Council shoots down measure to expand retail marijuana to the Spit

After months of back and forth and several lengthy discussions, the Homer City Council has decided that the Homer Spit is not ready for retail marijuana.

The council shot down an ordinance at its Monday meeting that would have included the Spit — which is the city’s Marine Commercial District — with the other districts where retail marijuana establishments are allowed on private property. Council members split the vote with Donna Aderhold, Rachel Lord and Caroline Venuti voting yes, and Heath Smith, Shelly Erickson and Tom Stroozas voting against. Mayor Bryan Zak broke the tie with his no vote.

When Homer was originally drafting regulations for how it would handle marijuana within city limits, it selected only the central business district, general commercial districts one and two, and the East End mixed use district as places where commercial marijuana would be allowed, specifically exempting the Spit.

Back in October 2017, the Planning Advisory Commission forwarded a recommendation to the council to open the Spit to retail marijuana. It held two public hearings on the matter and voted in support of the recommendation, according to a memo from City Planner Rick Abboud. The Port and Harbor Commission has also voiced its support of the move.

Several community members voiced their opposition to allowing retail marijuana on the Spit during public comments at the Monday council meeting. Some were concerned that the presence of cannabis there would detract from the Spit’s “family atmosphere,” while another resident commented that there are already enough problems on the Spit during the summer that come with the influx of tourists, and that adding marijuana to the mix would only make things worse.

Smith, who was the most vocal in opposing the ordinance, said he worried that not enough private property owners on the Spit were involved in the discussion of expanding marijuana retail establishments to that district.

“Yes, it’s very clear that I’m on the record as being opposed to marijuana. To me, this is not about an anti-marijuana stance as it us controlling where it’s restricted and how it’s used. And that falls directly into our laps.”

For her part, Erickson said she opposed the measure because she worries that allowing marijuana onto the Spit through retail stores could potentially jeopardize federal funding for things like the Homer Harbor. She cited the tension and uncertainty regarding marijuana within President Donald Trump’s administration.
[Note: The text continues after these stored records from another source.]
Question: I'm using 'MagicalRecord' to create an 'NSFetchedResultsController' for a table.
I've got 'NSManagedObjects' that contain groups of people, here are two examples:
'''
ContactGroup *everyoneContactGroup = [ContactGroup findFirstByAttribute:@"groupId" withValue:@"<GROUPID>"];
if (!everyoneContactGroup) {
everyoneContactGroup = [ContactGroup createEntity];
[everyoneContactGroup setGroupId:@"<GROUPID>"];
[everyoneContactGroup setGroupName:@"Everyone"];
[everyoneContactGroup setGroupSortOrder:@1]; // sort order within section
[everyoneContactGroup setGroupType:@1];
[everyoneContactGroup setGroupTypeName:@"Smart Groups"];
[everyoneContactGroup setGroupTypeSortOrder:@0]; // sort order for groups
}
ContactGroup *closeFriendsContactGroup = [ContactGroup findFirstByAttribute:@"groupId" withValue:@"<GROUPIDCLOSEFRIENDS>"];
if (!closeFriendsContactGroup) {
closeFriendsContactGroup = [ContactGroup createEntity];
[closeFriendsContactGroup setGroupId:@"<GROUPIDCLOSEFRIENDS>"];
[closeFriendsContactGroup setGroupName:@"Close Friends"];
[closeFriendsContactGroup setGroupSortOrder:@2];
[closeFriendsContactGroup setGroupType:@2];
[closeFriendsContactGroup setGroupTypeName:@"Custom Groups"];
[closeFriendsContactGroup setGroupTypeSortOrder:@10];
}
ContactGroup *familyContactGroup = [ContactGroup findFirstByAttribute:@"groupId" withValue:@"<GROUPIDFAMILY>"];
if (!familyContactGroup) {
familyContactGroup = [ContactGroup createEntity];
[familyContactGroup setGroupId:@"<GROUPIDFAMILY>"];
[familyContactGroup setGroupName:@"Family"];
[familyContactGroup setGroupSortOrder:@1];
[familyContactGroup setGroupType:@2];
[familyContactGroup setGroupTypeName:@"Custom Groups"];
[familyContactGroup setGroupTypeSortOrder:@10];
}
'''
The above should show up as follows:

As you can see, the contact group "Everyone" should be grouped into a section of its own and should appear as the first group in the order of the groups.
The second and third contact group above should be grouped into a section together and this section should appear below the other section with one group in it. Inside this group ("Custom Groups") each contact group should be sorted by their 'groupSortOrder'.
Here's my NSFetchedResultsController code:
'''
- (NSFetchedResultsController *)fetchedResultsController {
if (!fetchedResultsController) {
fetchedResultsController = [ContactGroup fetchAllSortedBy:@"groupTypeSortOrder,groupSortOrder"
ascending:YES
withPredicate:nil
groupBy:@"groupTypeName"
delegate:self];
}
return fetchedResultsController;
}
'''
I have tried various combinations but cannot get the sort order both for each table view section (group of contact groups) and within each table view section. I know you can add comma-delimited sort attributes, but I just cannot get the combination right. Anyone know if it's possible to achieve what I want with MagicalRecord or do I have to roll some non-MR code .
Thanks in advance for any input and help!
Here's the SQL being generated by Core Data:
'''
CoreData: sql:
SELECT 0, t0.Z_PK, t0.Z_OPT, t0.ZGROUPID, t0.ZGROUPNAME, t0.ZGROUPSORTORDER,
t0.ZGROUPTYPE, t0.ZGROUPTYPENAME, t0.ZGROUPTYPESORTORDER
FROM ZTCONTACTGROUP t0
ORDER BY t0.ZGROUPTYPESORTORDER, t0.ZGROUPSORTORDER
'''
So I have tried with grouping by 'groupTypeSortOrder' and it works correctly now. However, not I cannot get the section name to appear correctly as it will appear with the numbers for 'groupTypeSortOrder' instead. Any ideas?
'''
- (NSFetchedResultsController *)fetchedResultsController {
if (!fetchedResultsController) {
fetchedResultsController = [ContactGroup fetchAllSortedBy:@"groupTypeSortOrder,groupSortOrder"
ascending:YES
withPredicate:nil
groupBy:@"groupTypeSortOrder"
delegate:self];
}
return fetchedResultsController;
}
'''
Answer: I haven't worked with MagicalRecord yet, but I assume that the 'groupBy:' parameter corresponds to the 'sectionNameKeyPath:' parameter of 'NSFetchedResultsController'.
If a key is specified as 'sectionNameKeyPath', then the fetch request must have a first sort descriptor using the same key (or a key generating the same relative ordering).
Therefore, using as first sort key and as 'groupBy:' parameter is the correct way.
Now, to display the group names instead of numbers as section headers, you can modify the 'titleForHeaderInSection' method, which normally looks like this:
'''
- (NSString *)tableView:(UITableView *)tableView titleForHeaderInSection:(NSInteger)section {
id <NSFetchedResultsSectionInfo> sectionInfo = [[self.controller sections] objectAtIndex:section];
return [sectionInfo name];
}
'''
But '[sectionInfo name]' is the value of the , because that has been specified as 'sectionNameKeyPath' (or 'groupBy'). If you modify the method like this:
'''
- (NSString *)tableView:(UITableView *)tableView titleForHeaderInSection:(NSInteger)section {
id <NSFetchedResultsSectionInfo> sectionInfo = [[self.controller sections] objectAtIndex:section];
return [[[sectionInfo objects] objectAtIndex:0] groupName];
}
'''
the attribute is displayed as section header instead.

One point Smith has brought up multiple times is that he doesn’t want the city to be “complicit” in allowing a retail establishment to sell its products in a place where he says there are no private places to consume them. Using marijuana is still prohibited in public.

“Where are these people going to consume?” he said. “It’s clearly focused at the tourist industry, they’re trying to get to the tourists. And people are not going to come down here and buy that and not use it. So what kind of atmosphere do we want to create out on the Spit?”

Lord countered that, in reality, the city government has very little control over what individuals chose to do with what they purchase. It’s the same with alcohol and other drugs, she said — the city can push education and resources, but at the end of the day cannot control how people use those substances.

“In so far as ensuring the safety of the community, … I feel as though that line of reasoning … is a false sense of control over this situation,” she said. “… The idea that we have some semblance of control over what is going to happen with legal pot — we don’t. We just don’t.”

Former council member David Lewis has argued in the past that the city is not complicit in the act of people driving drunk simply because it allows alcohol to be sold in bars and liquor stores. Consumers have a personal responsibility to know where they are allowed to consume and to not break the law, he said.

Stroozas called the issue a double edged sword. He said it would be better to wait until the city can see the effects of its first approved marijuana retail facility, Uncle Herb’s, now under construction on Ocean Drive but not yet open.

Venuti said that she’s pro business, and would therefore support the ordinance because she saw it as pro business. She said if someone was going to put in the work involved in getting a retail establishment approved through the state, that she saw no reason to say no.

“I don’t like vodka, but I walk on the beach and there’s vodka bottles in front of me,” she said. “So, you just don’t get what you want all the time, and I believe that this is something that will support businesses.”

The council also voted to disband the Cannabis Advisory Commission, which had brought forward that recommendation and several others as the city was preparing to accommodate and regulate marijuana. Aderhold explained that the commission was really formed as a way for the city to get out ahead of the industry and make sure it was prepared for it, and that the commission has done its job.